Winnipeg church seeks court injunction on health ordinance banning religious services while driving

A fight for the right to assemble for worship services during government-imposed pandemic restrictions will be held in a Winnipeg court on Thursday.

Springs Church, which has been fined a total of $ 20,000 for holding four separate drive-through services, is asking for a temporary suspension of the province’s current public health order, which requires the premises to worship are closed to the public.

The order, which is due to expire on December 11, comes with a series of strict conditions, including a ban on the sale of non-essential items in stores and a ban on visitors to private homes.

The health ordinance allows religious leaders to organize and broadcast services live, but does not allow drive-thru services.

“I don’t understand what the problem is,” said Amanda Sheriff, who has attended drive-in services in Springs for the past three months. “You are safe in your car, you do not meet any other [person]. You are just in your car and you pray, you love. ”

The church sheriff usually stops offering in-person meetings and switches to virtual services. But she says in-person worship is a crucial part of her faith, so she began driving services to Springs.

She said she was furious when she saw Winnipeg police first show up outside the church last weekend. In addition to the fines imposed on the church, one practitioner was fined.
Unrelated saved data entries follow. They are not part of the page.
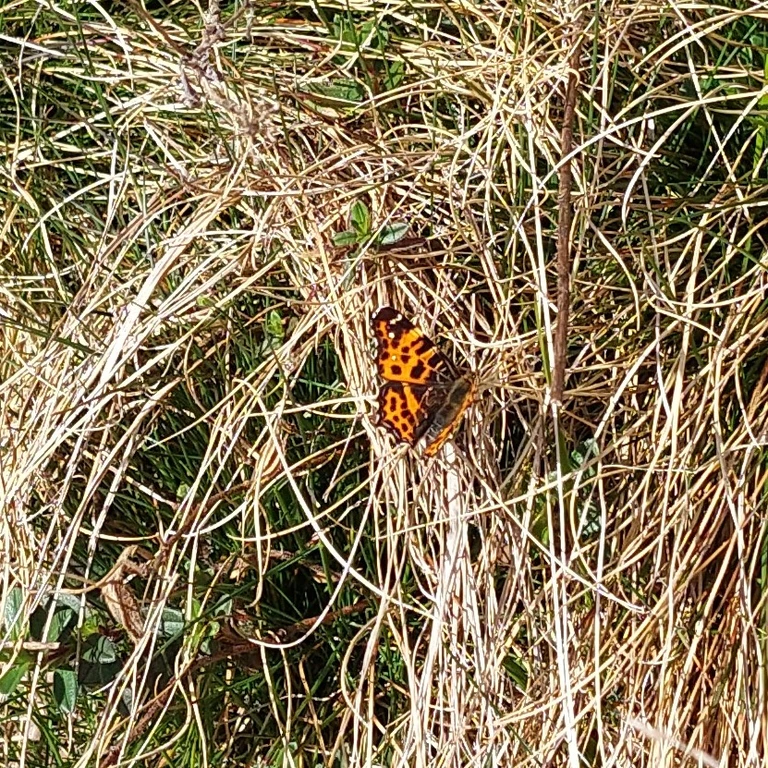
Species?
Araschnia levana
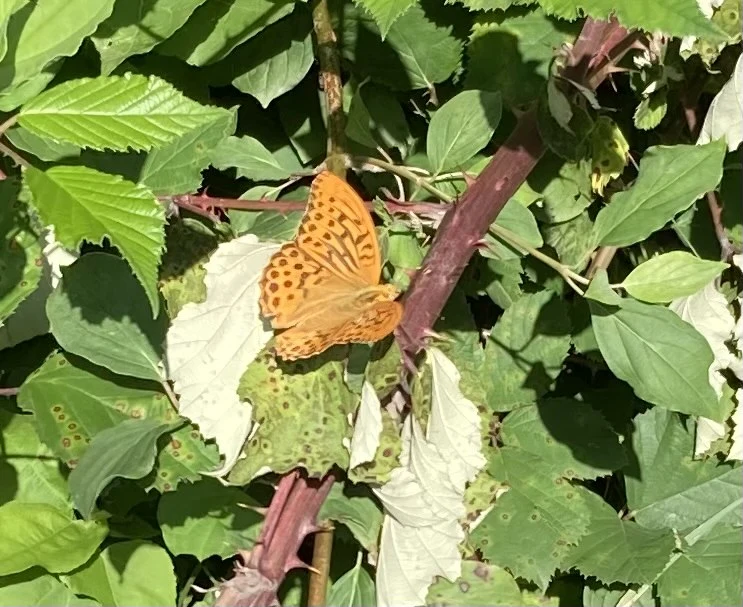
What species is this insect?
Argynnis paphia
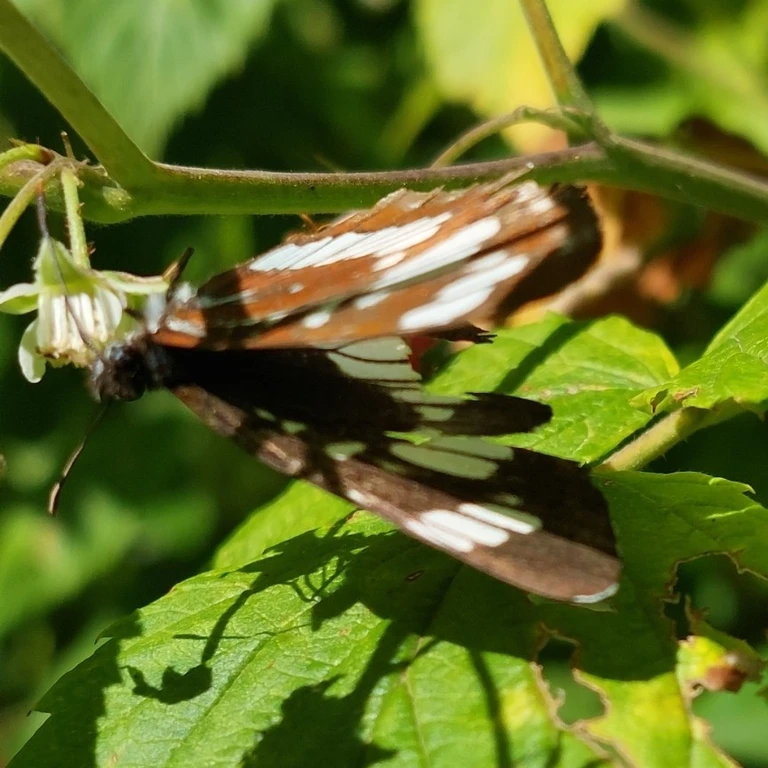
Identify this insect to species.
Neptis rivularis
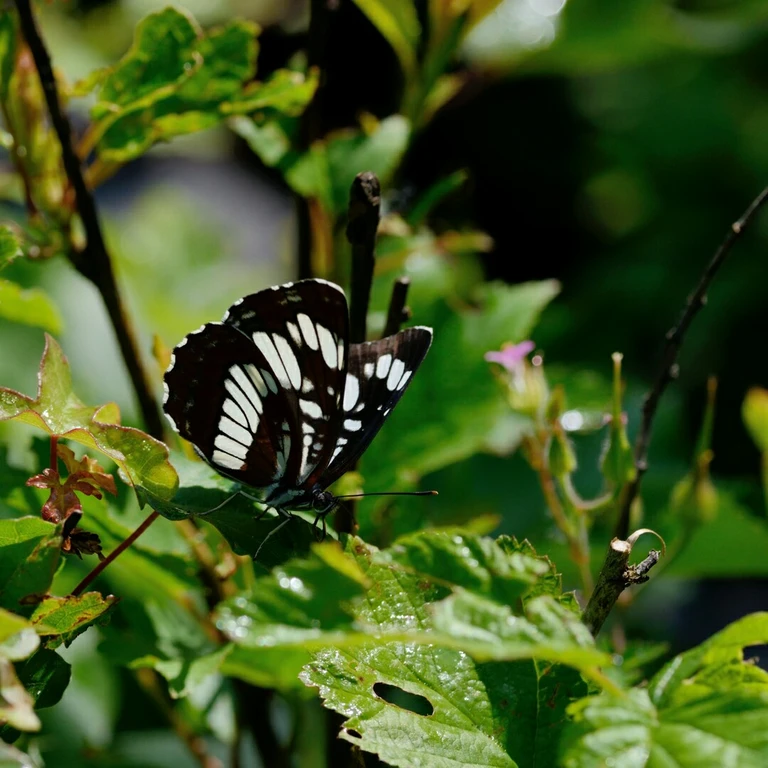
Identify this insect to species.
Neptis rivularis
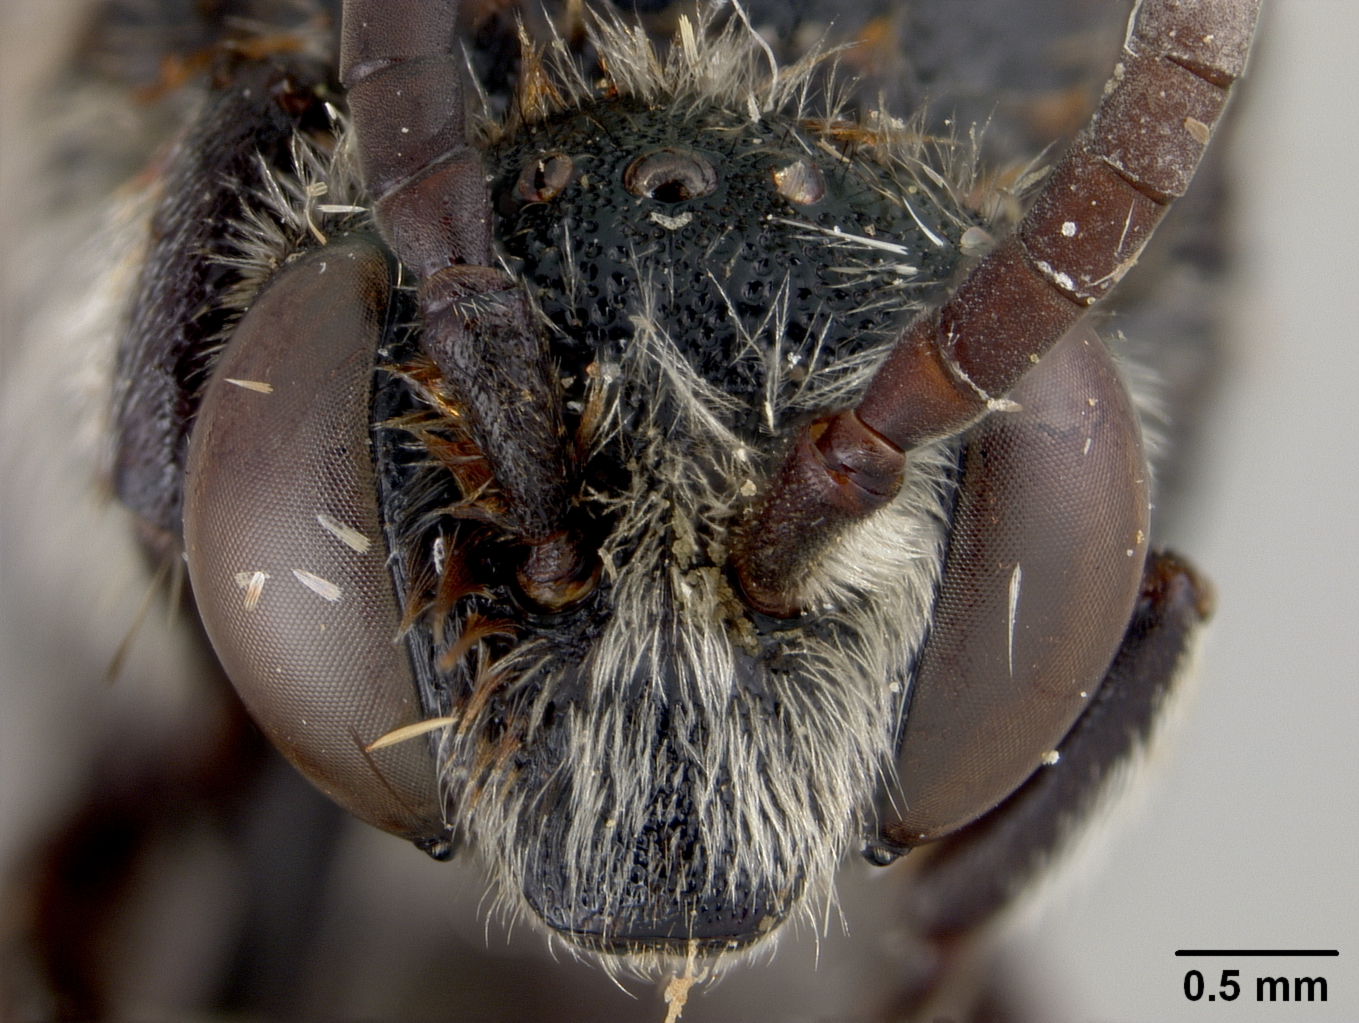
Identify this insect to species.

Police and provincial law enforcement officers pulled up across the road as hundreds took part in the drive-thru worship service at Springs Church last Saturday night. (Walther Bernal / CBC)

“It’s just outrageous, in my opinion,” she said.

“Right now you can go to Costco. I’ve been to Costco, Walmart – those lines are ridiculous, let alone when you’re in the store you’re one of those people who don’t really socialize. ”

Springs is not the only church to have been fined under the latest health ordinances.

The Church of God in Sarto, Manitoba, near the town of Steinbach, was fined $ 5,000 and six people were given individual bills of $ 1,296 after the church attempted to organize a big drive-thru last Sunday. They were blocked by RCMP officers, which drove over 100 cars along the highway trying to enter the church parking lot.

More challenges on the way

Springs Church declined a CBC interview request on Wednesday, but posted a video on Facebook. In it, Pastor Leon Fontaine pointed out that under current provincial regulations, people are still allowed in person inside liquor and cannabis stores.

“We have to ask ourselves why the government has deemed it unsafe for Manitobans to drive to their place of worship with their windows rolled up during the entire service,” Fontaine said in the post.

Winnipeg lawyer Allison Pejovic said she was confident a court will overturn the province’s ban on religious services while driving. (CBC)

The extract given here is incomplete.